Without changing a word, copy every line of the listing below and leave out the images.

Segment Start: Task inputs

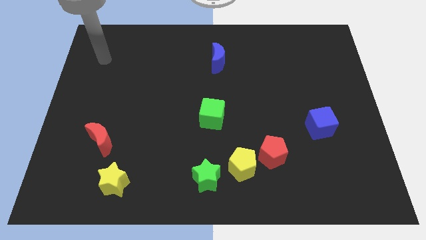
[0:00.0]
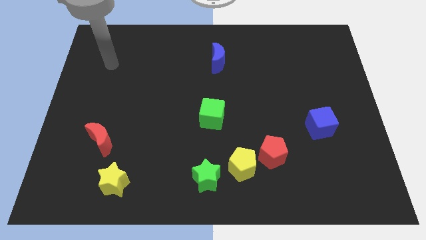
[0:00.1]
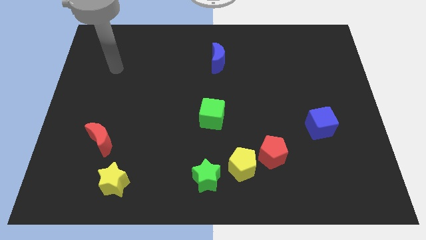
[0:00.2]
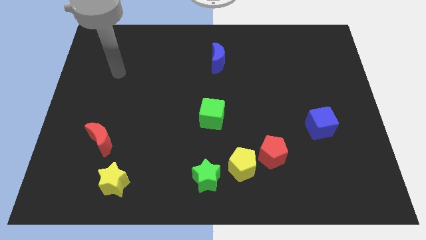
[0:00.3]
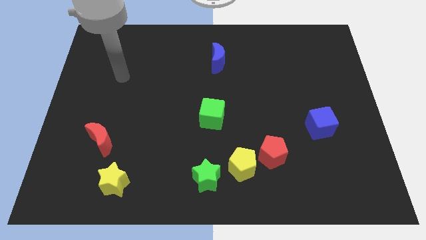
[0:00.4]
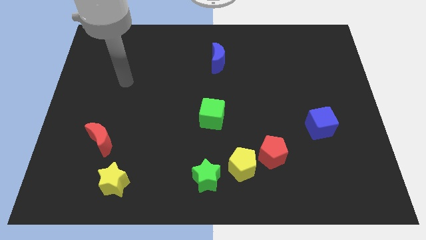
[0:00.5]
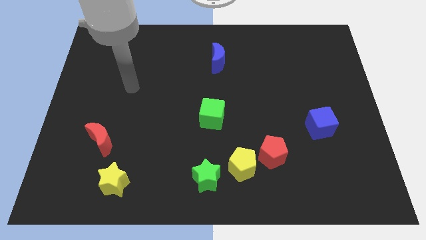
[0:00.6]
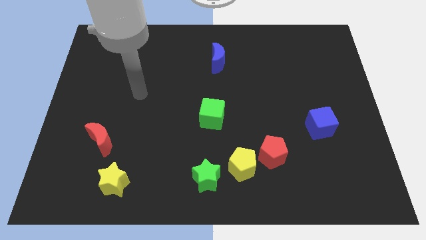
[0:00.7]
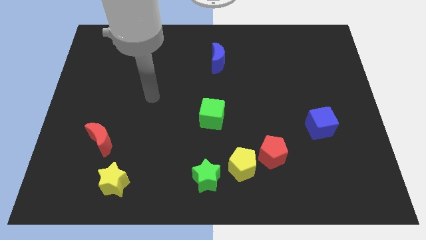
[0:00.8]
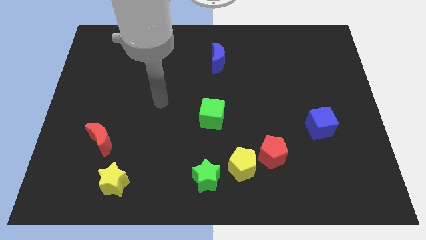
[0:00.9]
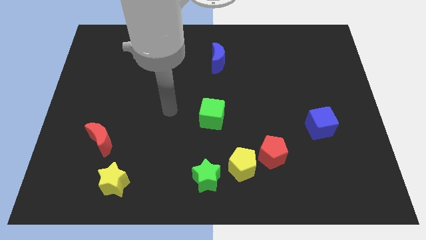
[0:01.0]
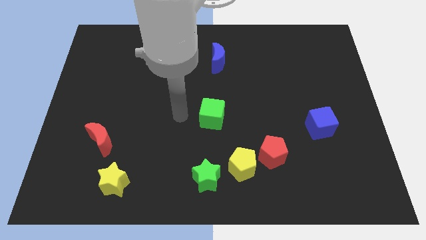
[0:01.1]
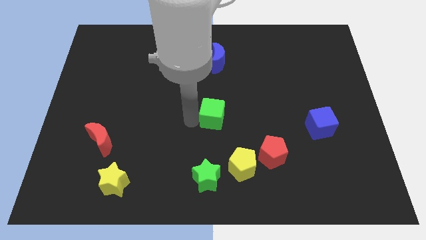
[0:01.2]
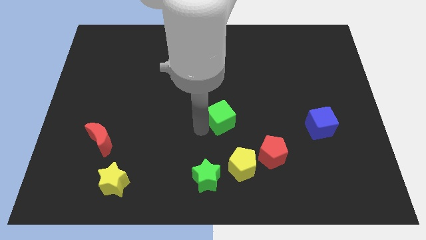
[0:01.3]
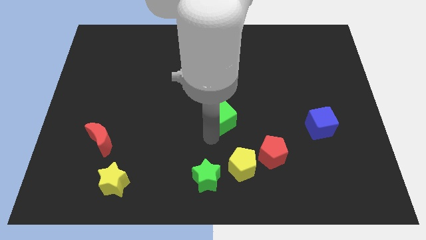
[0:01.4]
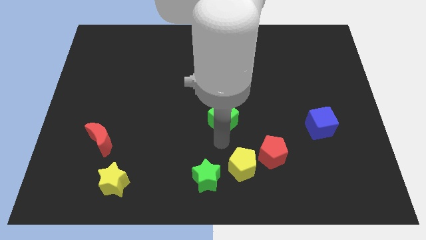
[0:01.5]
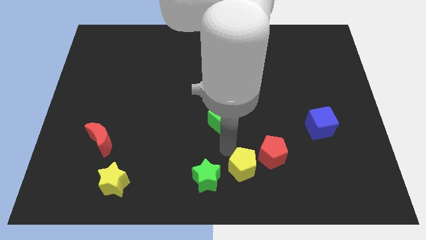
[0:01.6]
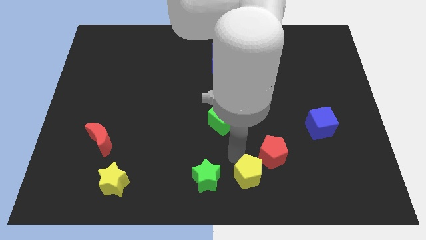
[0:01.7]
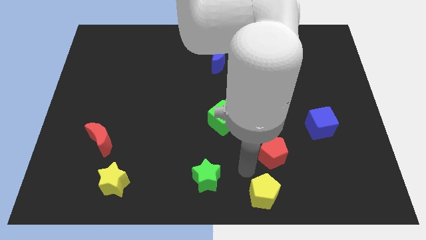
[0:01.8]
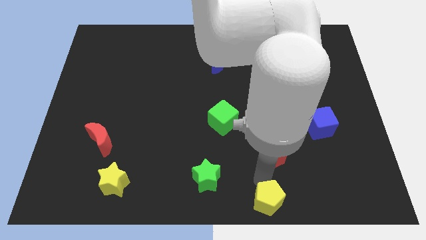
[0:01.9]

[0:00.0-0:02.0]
separate the red pentagon from the yellow pentagon

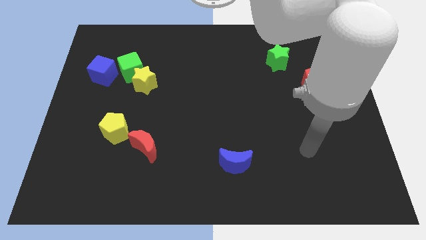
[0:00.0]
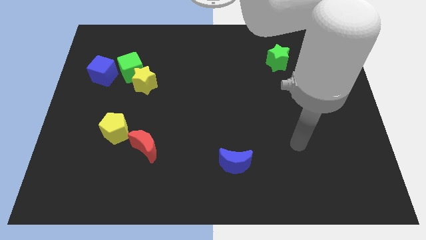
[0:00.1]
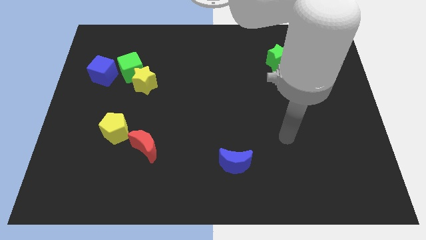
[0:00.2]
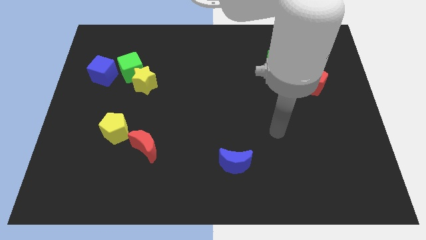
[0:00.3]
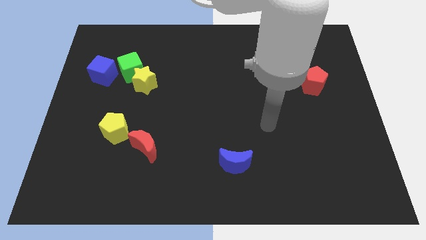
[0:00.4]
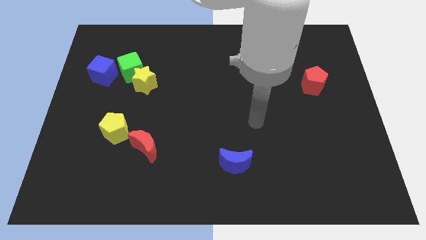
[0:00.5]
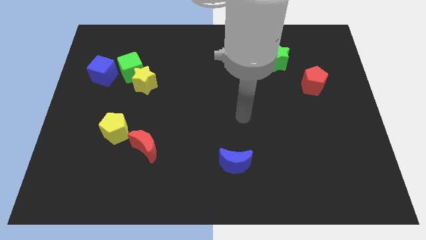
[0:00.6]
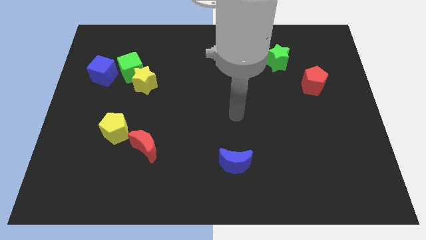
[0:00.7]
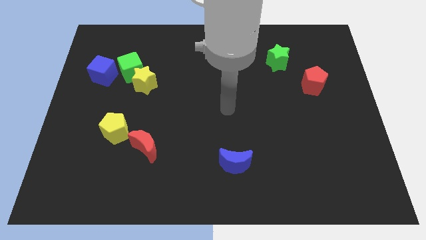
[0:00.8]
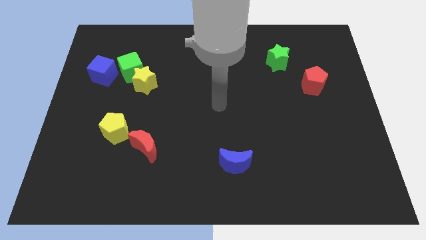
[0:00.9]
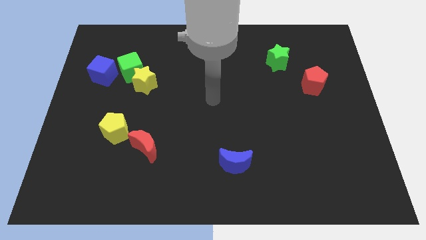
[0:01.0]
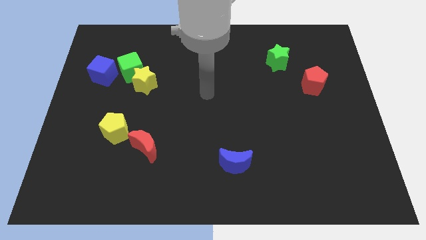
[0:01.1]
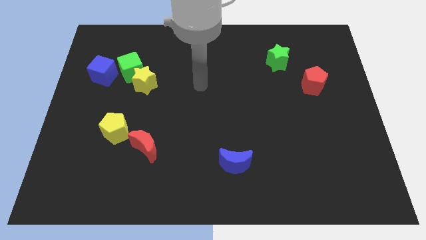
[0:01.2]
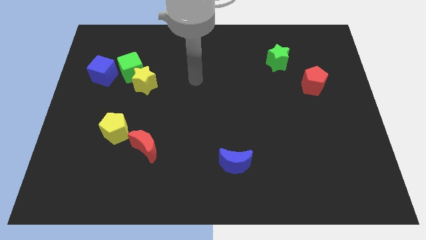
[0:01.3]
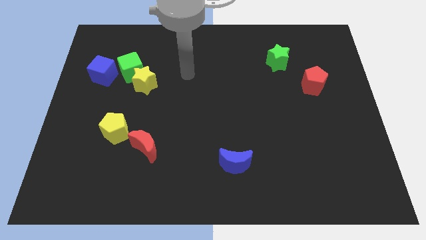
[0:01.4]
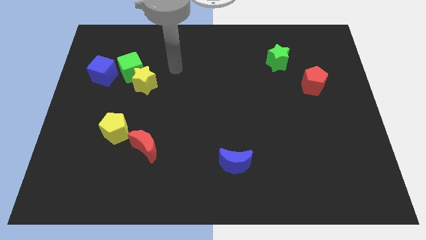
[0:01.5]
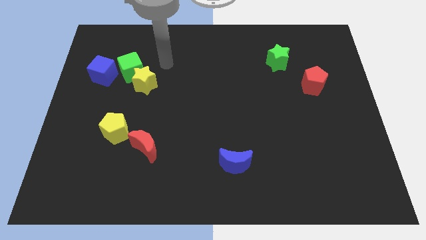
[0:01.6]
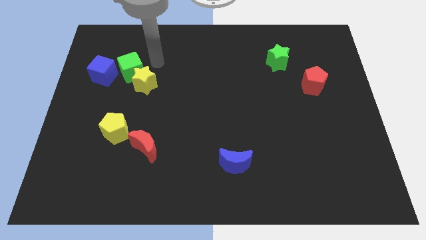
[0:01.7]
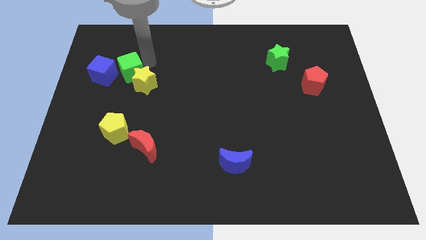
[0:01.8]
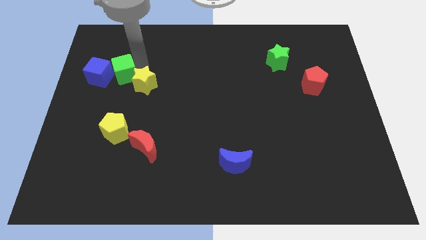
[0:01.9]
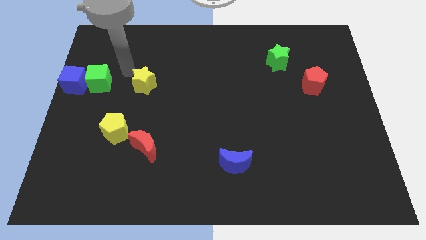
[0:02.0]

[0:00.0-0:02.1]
separate the yellow star from the green cube

Segment End: Task inputs

**Solution for this exercise**
[0:00.0]
[0:00.1]
[0:00.2]
[0:00.3]
[0:00.4]
[0:00.5]
[0:00.6]
[0:00.7]
[0:00.8]
[0:00.9]
[0:01.0]
[0:01.1]
[0:01.2]
[0:01.3]
[0:01.4]
[0:01.5]
[0:01.6]
[0:01.7]
[0:01.8]
[0:01.9]

[0:00.0-0:02.0]
separate the red pentagon from the yellow pentagon

[0:00.0]
[0:00.1]
[0:00.2]
[0:00.3]
[0:00.4]
[0:00.5]
[0:00.6]
[0:00.7]
[0:00.8]
[0:00.9]
[0:01.0]
[0:01.1]
[0:01.2]
[0:01.3]
[0:01.4]
[0:01.5]
[0:01.6]
[0:01.7]
[0:01.8]
[0:01.9]
[0:02.0]

[0:00.0-0:02.1]
separate the yellow star from the green cube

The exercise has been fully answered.